- _Work instructions_:
Would you print all of the entries exactly, please, but without their pictures?

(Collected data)
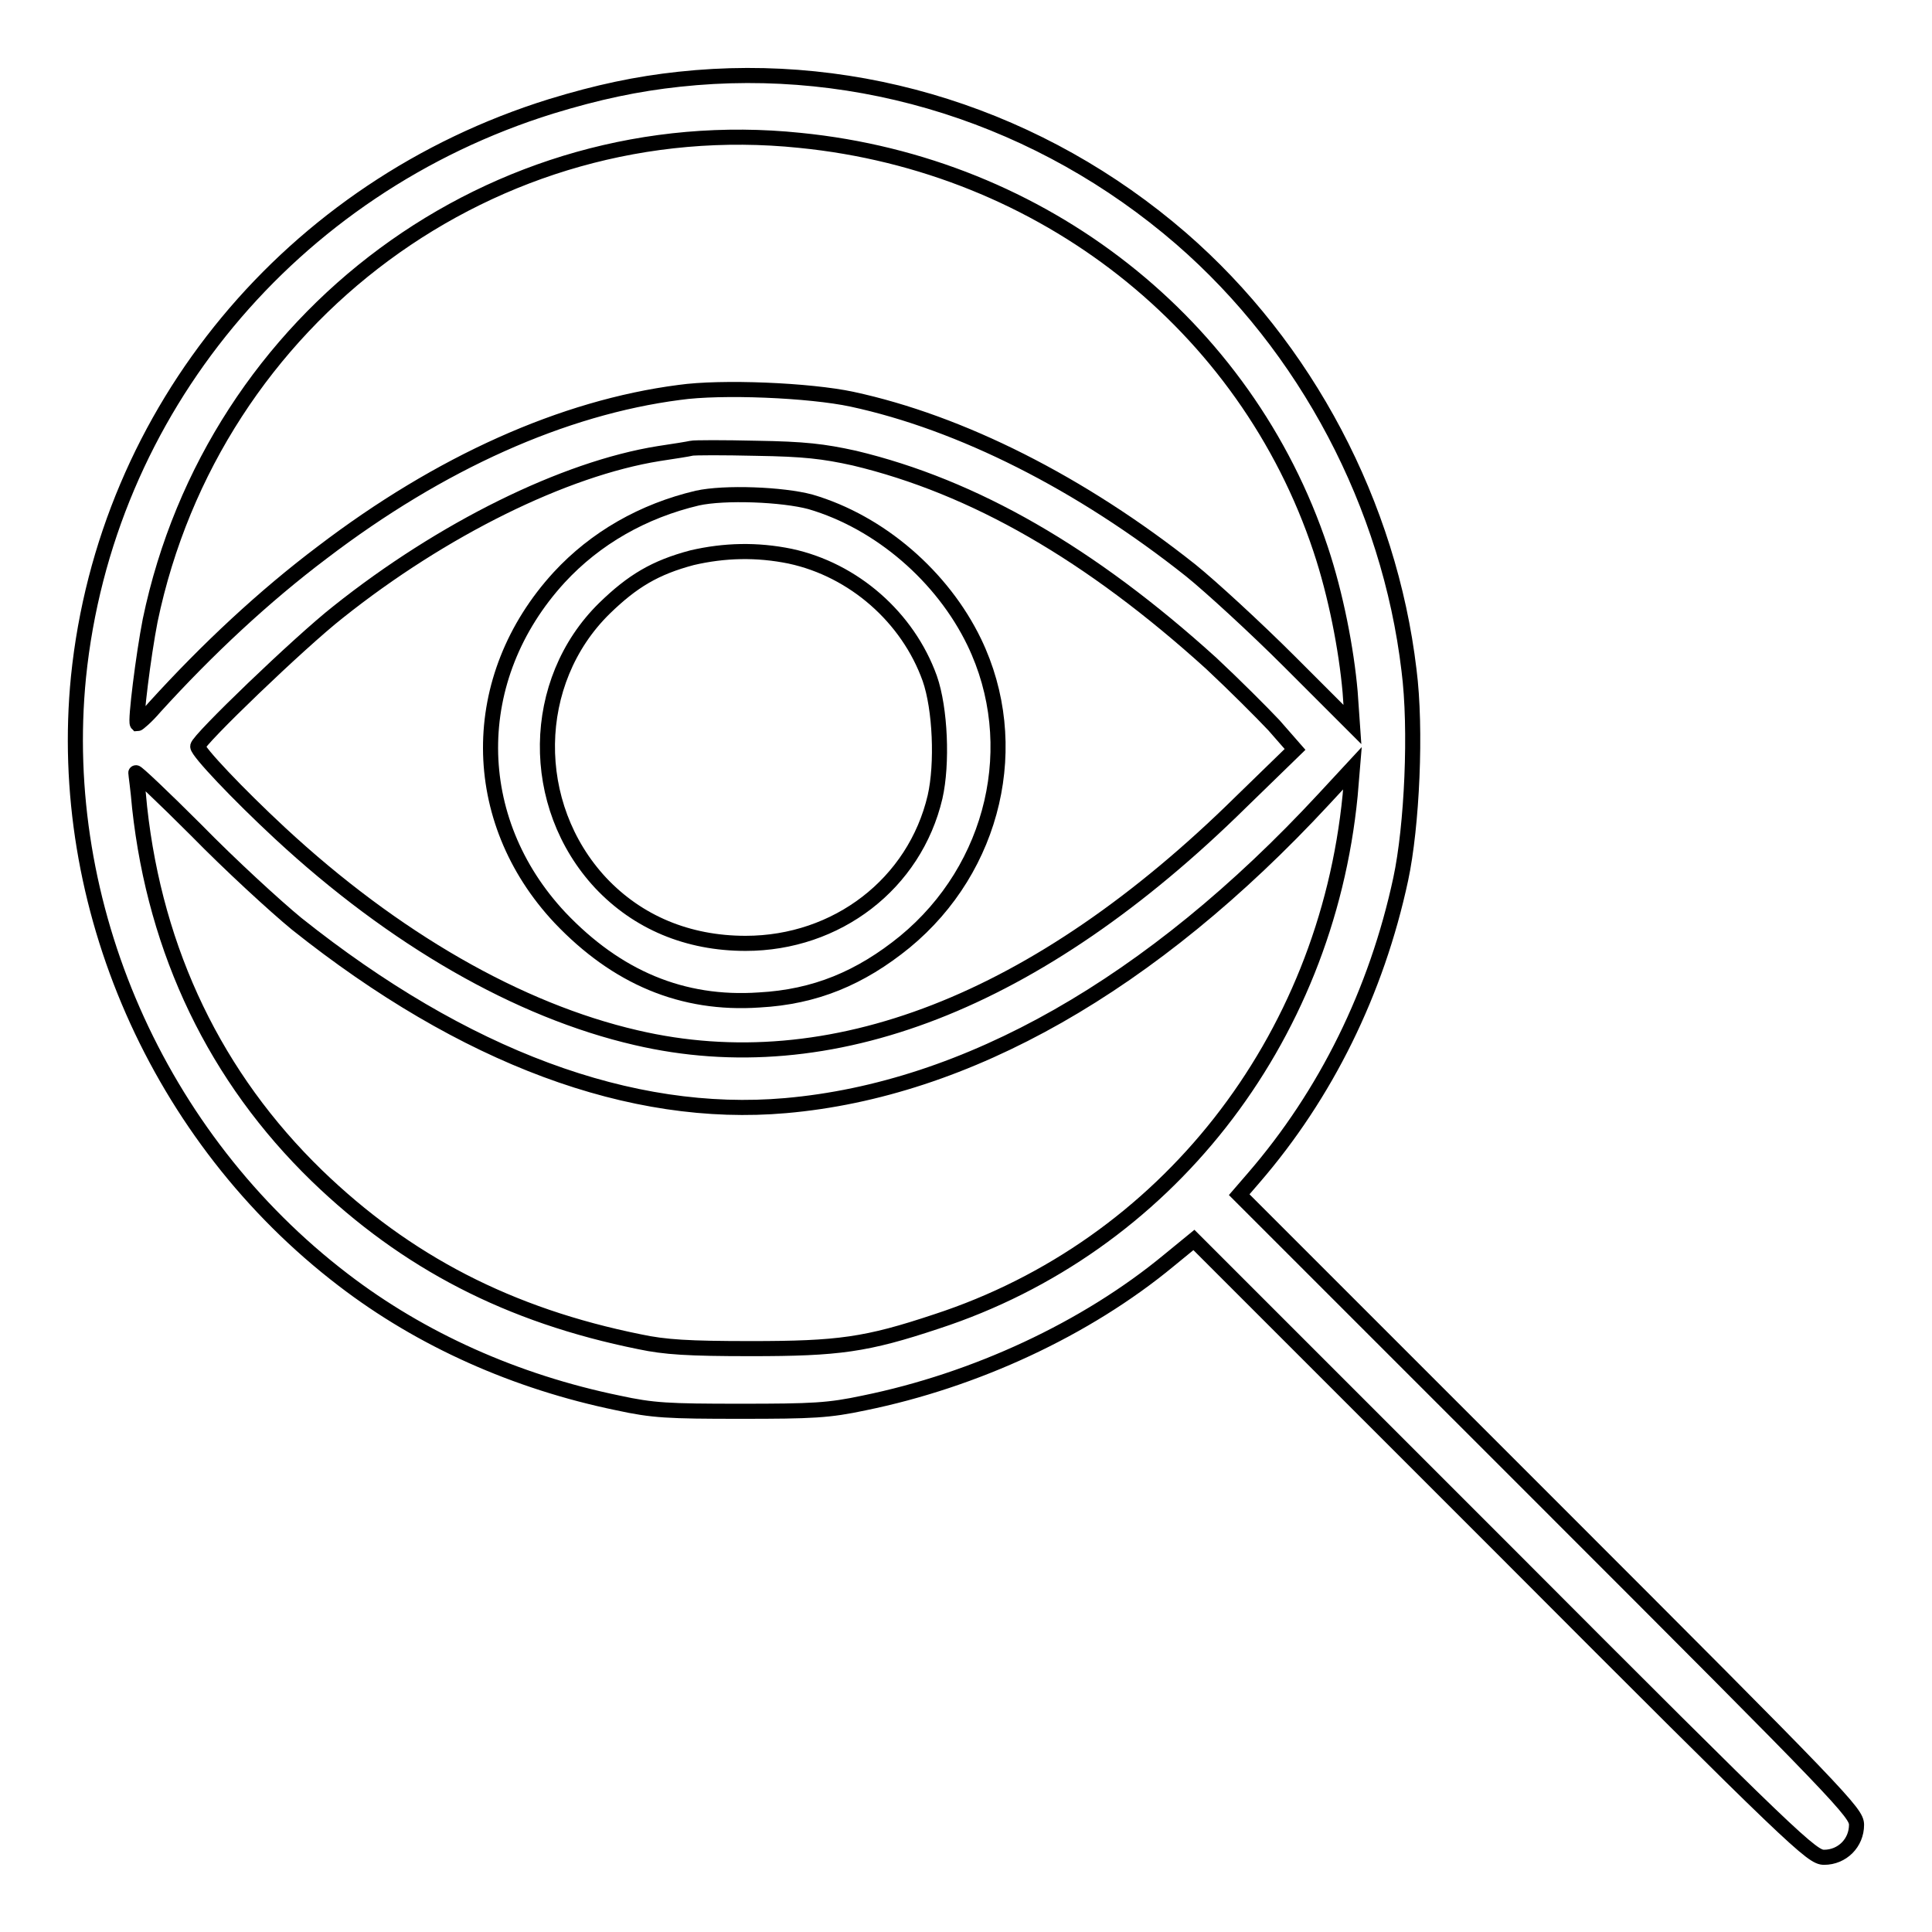 <?xml version="1.0" encoding="utf-8"?>
<!-- Svg Vector Icons : http://www.onlinewebfonts.com/icon -->
<!DOCTYPE svg PUBLIC "-//W3C//DTD SVG 1.1//EN" "http://www.w3.org/Graphics/SVG/1.1/DTD/svg11.dtd">
<svg version="1.1" xmlns="http://www.w3.org/2000/svg" xmlns:xlink="http://www.w3.org/1999/xlink" x="0px" y="0px" viewBox="0 0 256 256" enable-background="new 0 0 256 256" xml:space="preserve">
<g><g><g><path stroke-width="2" fill-opacity="0" stroke="#000000"  d="M90,10.5c-5.6,0.6-10.8,1.7-17,3.6C38.6,24.8,14,54.4,10.4,89.7c-3,30.2,10.5,61.1,35.1,79.9c10.3,7.9,22.8,13.5,36.4,16.3c4.6,1,6.6,1.1,16.2,1.1c9.6,0,11.7-0.1,16.4-1.1c14.7-3,29.4-9.8,40.4-18.9l3.3-2.7l40.9,40.9c39,39.1,41,40.9,42.6,40.9c2.4,0,4.3-1.9,4.3-4.3c0-1.6-1.8-3.5-40.9-42.6l-40.9-40.9l1.9-2.2c9.6-11.1,16.3-24.7,19.5-39.6c1.5-7,2.1-19.9,1.1-27.7c-2.6-21.9-13.6-42.8-30.2-57.2C138,15.6,114,7.9,90,10.5z M106,18.6c32.2,3.2,59.1,24.4,69,54.2c2,6,3.4,13.2,3.9,18.9l0.3,4.3l-8.3-8.3c-4.6-4.6-10.5-10-13.1-12.1C143.2,64,127.3,56,112.9,52.9c-5.6-1.2-17.3-1.7-22.9-0.9C74.6,54,58.3,61.3,42.7,73.2C35,79,27.5,86,20.5,93.7c-1.1,1.3-2.2,2.2-2.3,2.2c-0.3-0.3,0.8-9.1,1.7-13.7C28.3,41.9,65.5,14.4,106,18.6z M113.2,60.7c15.9,3.8,31.3,12.7,47.3,27.2c3,2.8,6.7,6.5,8.3,8.2l2.8,3.2l-7.2,7c-26.9,26.5-54.4,37.2-80.1,31.2c-15.6-3.6-32.1-13.1-47.2-27.1c-5.6-5.2-10.9-10.8-10.9-11.5c0-0.8,13.5-13.8,18.6-17.8c13.8-11,30-19,42.5-21c2-0.3,3.9-0.6,4.3-0.7c0.4-0.1,4.3-0.1,8.6,0C106.6,59.5,109.1,59.8,113.2,60.7z M39.3,122.4c22.2,17.7,44.3,25.9,64.8,24.1c24-2.1,48.5-16,71.3-40.6l3.8-4.1l-0.3,3.6c-3.2,32.6-24.5,59.8-54.8,69.7c-9.3,3.1-13,3.6-24.6,3.6c-8.3,0-11.4-0.2-14.7-0.9c-17.4-3.5-31-10.6-42.8-22c-13.4-13-21.4-29.6-23.5-48.8c-0.2-2.4-0.5-4.4-0.5-4.6c0-0.2,3.6,3.2,8,7.6C30.5,114.6,36.5,120.1,39.3,122.4z"/><path stroke-width="2" fill-opacity="0" stroke="#000000"  d="M92.4,66c-7.2,1.7-13.5,5.3-18.3,10.5c-12.2,13.3-12.1,32.1,0.1,45.1c7.5,7.9,16.2,11.6,26.4,10.9c7.4-0.4,13.4-2.9,19.3-7.7c11.9-9.8,15.7-26.2,9.2-39.7c-4.2-8.7-12.5-15.9-21.7-18.6C103.7,65.5,96,65.2,92.4,66z M104.7,73.7c8.4,1.8,15.6,8.1,18.5,16.2c1.4,4,1.7,11.3,0.7,15.7c-2.7,11.5-13,19.4-25.1,19.4c-7.7,0-14.3-2.8-19.2-8c-9.6-10.3-9.4-26.7,0.5-36.4c3.7-3.6,6.7-5.4,11.6-6.7C96,72.9,100.3,72.8,104.7,73.7z"/></g></g></g>
</svg>

- _Result of this exercise_:
 <?xml version="1.0" encoding="utf-8"?>
<!-- Svg Vector Icons : http://www.onlinewebfonts.com/icon -->
<!DOCTYPE svg PUBLIC "-//W3C//DTD SVG 1.1//EN" "http://www.w3.org/Graphics/SVG/1.1/DTD/svg11.dtd">
<svg version="1.1" xmlns="http://www.w3.org/2000/svg" xmlns:xlink="http://www.w3.org/1999/xlink" x="0px" y="0px" viewBox="0 0 256 256" enable-background="new 0 0 256 256" xml:space="preserve">
<g><g><g><path stroke-width="2" fill-opacity="0" stroke="#000000"  d="M90,10.5c-5.6,0.6-10.8,1.7-17,3.6C38.6,24.8,14,54.4,10.4,89.7c-3,30.2,10.5,61.1,35.1,79.9c10.3,7.9,22.8,13.5,36.4,16.3c4.6,1,6.6,1.1,16.2,1.1c9.6,0,11.7-0.1,16.4-1.1c14.7-3,29.4-9.8,40.4-18.9l3.3-2.7l40.9,40.9c39,39.1,41,40.9,42.6,40.9c2.4,0,4.3-1.9,4.3-4.3c0-1.6-1.8-3.5-40.9-42.6l-40.9-40.9l1.9-2.2c9.6-11.1,16.3-24.7,19.5-39.6c1.5-7,2.1-19.9,1.1-27.7c-2.6-21.9-13.6-42.8-30.2-57.2C138,15.6,114,7.9,90,10.5z M106,18.6c32.2,3.2,59.1,24.4,69,54.2c2,6,3.4,13.2,3.9,18.9l0.3,4.3l-8.3-8.3c-4.6-4.6-10.5-10-13.1-12.1C143.2,64,127.3,56,112.9,52.9c-5.6-1.2-17.3-1.7-22.9-0.9C74.6,54,58.3,61.3,42.7,73.2C35,79,27.5,86,20.5,93.7c-1.1,1.3-2.2,2.2-2.3,2.2c-0.3-0.3,0.8-9.1,1.7-13.7C28.3,41.9,65.5,14.4,106,18.6z M113.2,60.7c15.9,3.8,31.3,12.7,47.3,27.2c3,2.8,6.7,6.5,8.3,8.2l2.8,3.2l-7.2,7c-26.9,26.5-54.4,37.2-80.1,31.2c-15.6-3.6-32.1-13.1-47.2-27.1c-5.6-5.2-10.9-10.8-10.9-11.5c0-0.8,13.5-13.8,18.6-17.8c13.8-11,30-19,42.5-21c2-0.3,3.9-0.6,4.3-0.7c0.4-0.1,4.3-0.1,8.6,0C106.6,59.5,109.1,59.8,113.2,60.7z M39.3,122.4c22.2,17.7,44.3,25.9,64.8,24.1c24-2.1,48.5-16,71.3-40.6l3.8-4.1l-0.3,3.6c-3.2,32.6-24.5,59.8-54.8,69.7c-9.3,3.1-13,3.6-24.6,3.6c-8.3,0-11.4-0.2-14.7-0.9c-17.4-3.5-31-10.6-42.8-22c-13.4-13-21.4-29.6-23.5-48.8c-0.2-2.4-0.5-4.4-0.5-4.6c0-0.2,3.6,3.2,8,7.6C30.5,114.6,36.5,120.1,39.3,122.4z"/><path stroke-width="2" fill-opacity="0" stroke="#000000"  d="M92.4,66c-7.2,1.7-13.5,5.3-18.3,10.5c-12.2,13.3-12.1,32.1,0.1,45.1c7.5,7.9,16.2,11.6,26.4,10.9c7.4-0.4,13.4-2.9,19.3-7.7c11.9-9.8,15.7-26.2,9.2-39.7c-4.2-8.7-12.5-15.9-21.7-18.6C103.7,65.5,96,65.2,92.4,66z M104.7,73.7c8.4,1.8,15.6,8.1,18.5,16.2c1.4,4,1.7,11.3,0.7,15.7c-2.7,11.5-13,19.4-25.1,19.4c-7.7,0-14.3-2.8-19.2-8c-9.6-10.3-9.4-26.7,0.5-36.4c3.7-3.6,6.7-5.4,11.6-6.7C96,72.9,100.3,72.8,104.7,73.7z"/></g></g></g>
</svg>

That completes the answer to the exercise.